Q1.「具体的にどの部署を希望しますか? また、その理由は?」
意図:志望動機との一貫性と、自治体研究の深さを確認したい。
回答の方向性:希望部署を正直に伝えて構いません。ただし「その部署でなければ嫌だ」と聞こえないよう、理由を述べた後に「ですが他の部署にも関心があります」と柔軟な姿勢を忘れずに添えましょう。
Q2.「苦手だと感じる業務はありますか?」
意図:自己分析の客観性と、弱点にどう向き合うかの姿勢を見たい。
回答の方向性:「苦手なことはありません」は嘘くさく聞こえます。正直に苦手な領域を認めたうえで、「だからこそ克服したい」「この方法で補う」という対処の姿勢をセットで語ることが大切です。
Q3.「希望の部署に行ける確率は高くありません。それでも当自治体を選びますか?」
意図:圧迫気味に揺さぶり、それでも志望度がブレないかを試している。
回答の方向性:「はい、選びます」と即答してください。その後に「特定の部署ではなく、この自治体で働くこと自体に魅力を感じています」と、志望動機の軸が配属に依存していないことを改めて示しましょう。

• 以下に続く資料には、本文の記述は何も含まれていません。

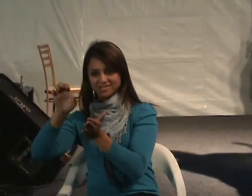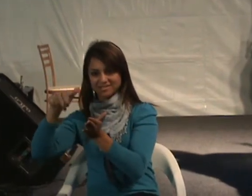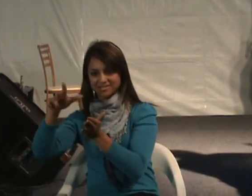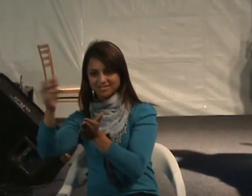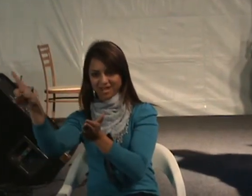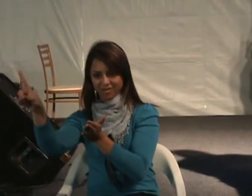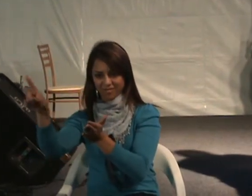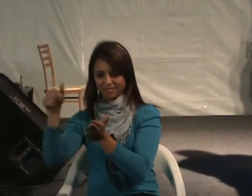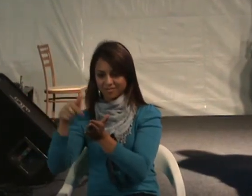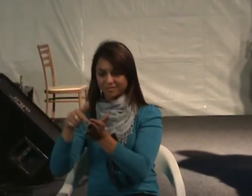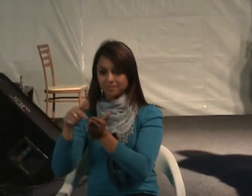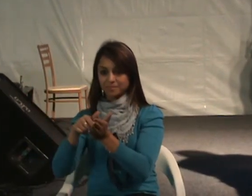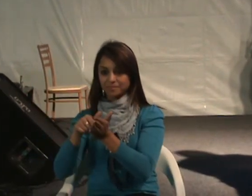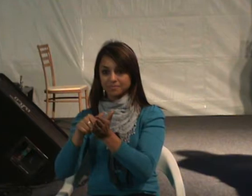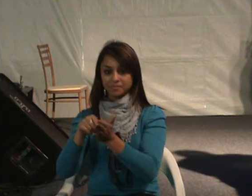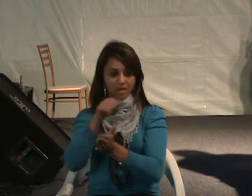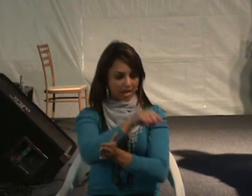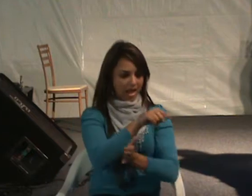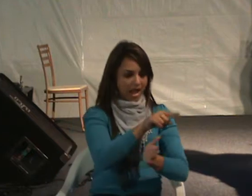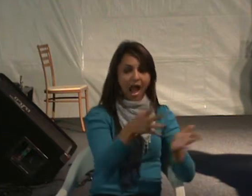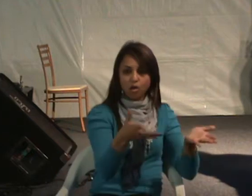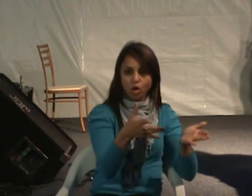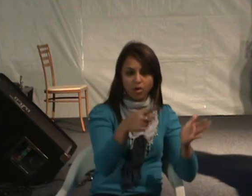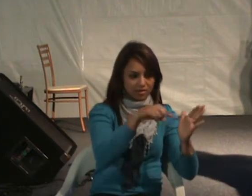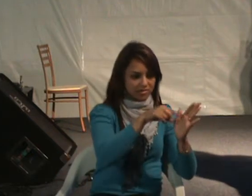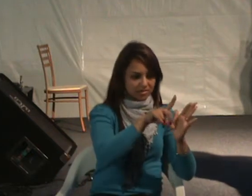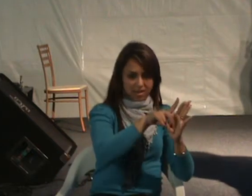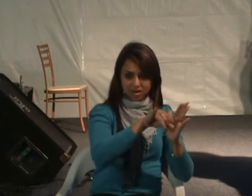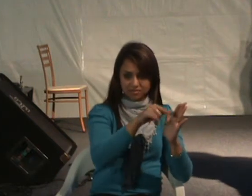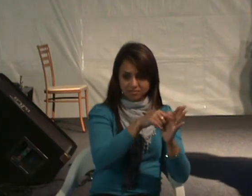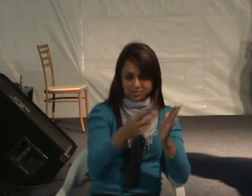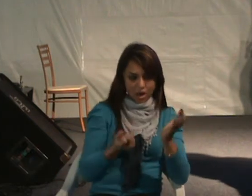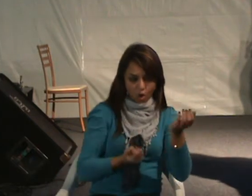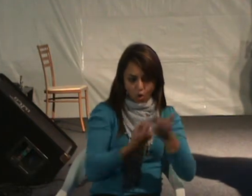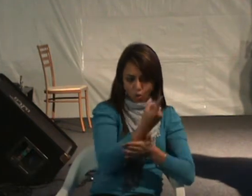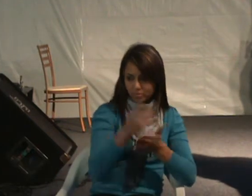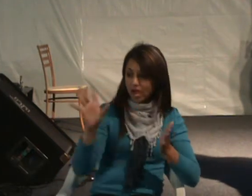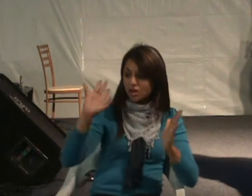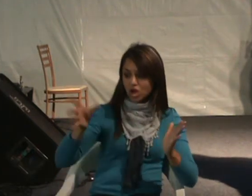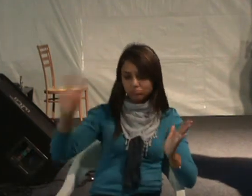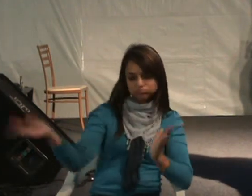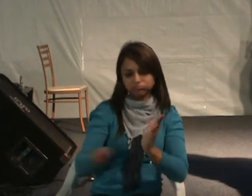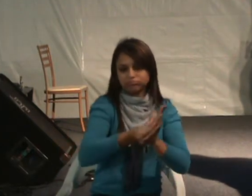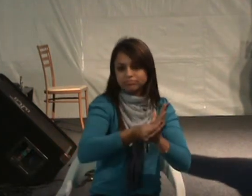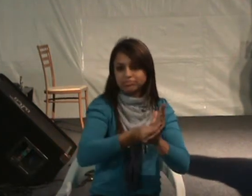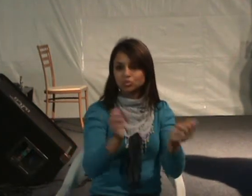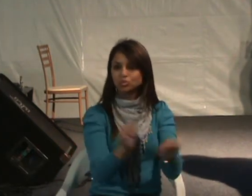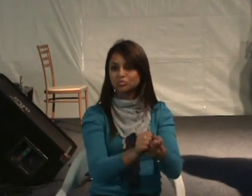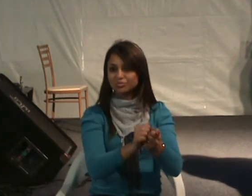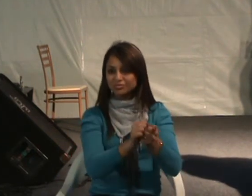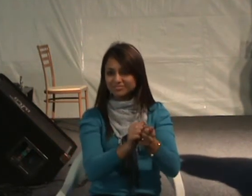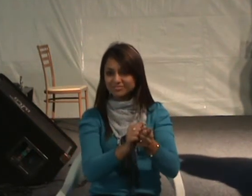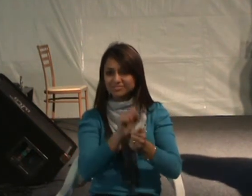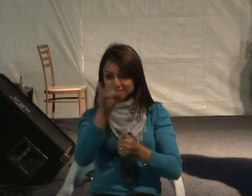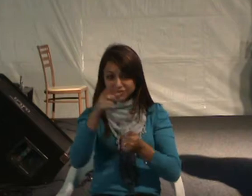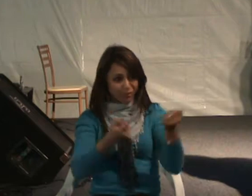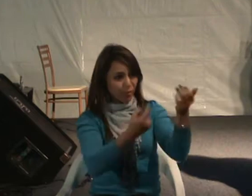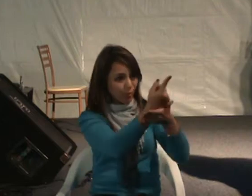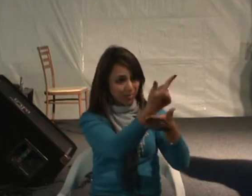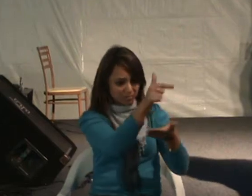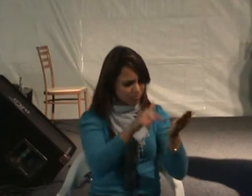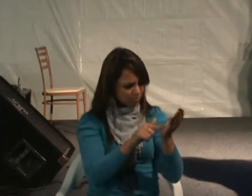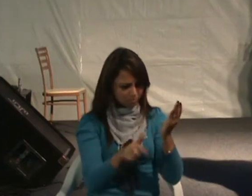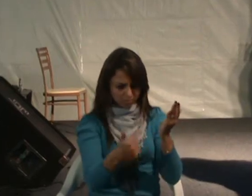não tiver a Convenção, ela é incompleta. Porque a Convenção, com essa característica de

Q4.「10年間希望が叶わなかったらどうしますか?」
意図:極端な状況を突きつけ、公務員としての覚悟の「底」を見たい。
回答の方向性:「配属先がどこであっても、住民の方の役に立てている手応えは必ずあると思います。その場所でプロとして信頼される職員になることが、私にとっての充実です」と、価値観の軸を動かさないことが最大のポイントです。
Q5.「前職を辞めたのは、仕事が希望と違ったからではないのですか?」(社会人向け)
意図:転職理由と矛盾がないかを突いている。同じ理由で公務員も辞めるのではという懸念。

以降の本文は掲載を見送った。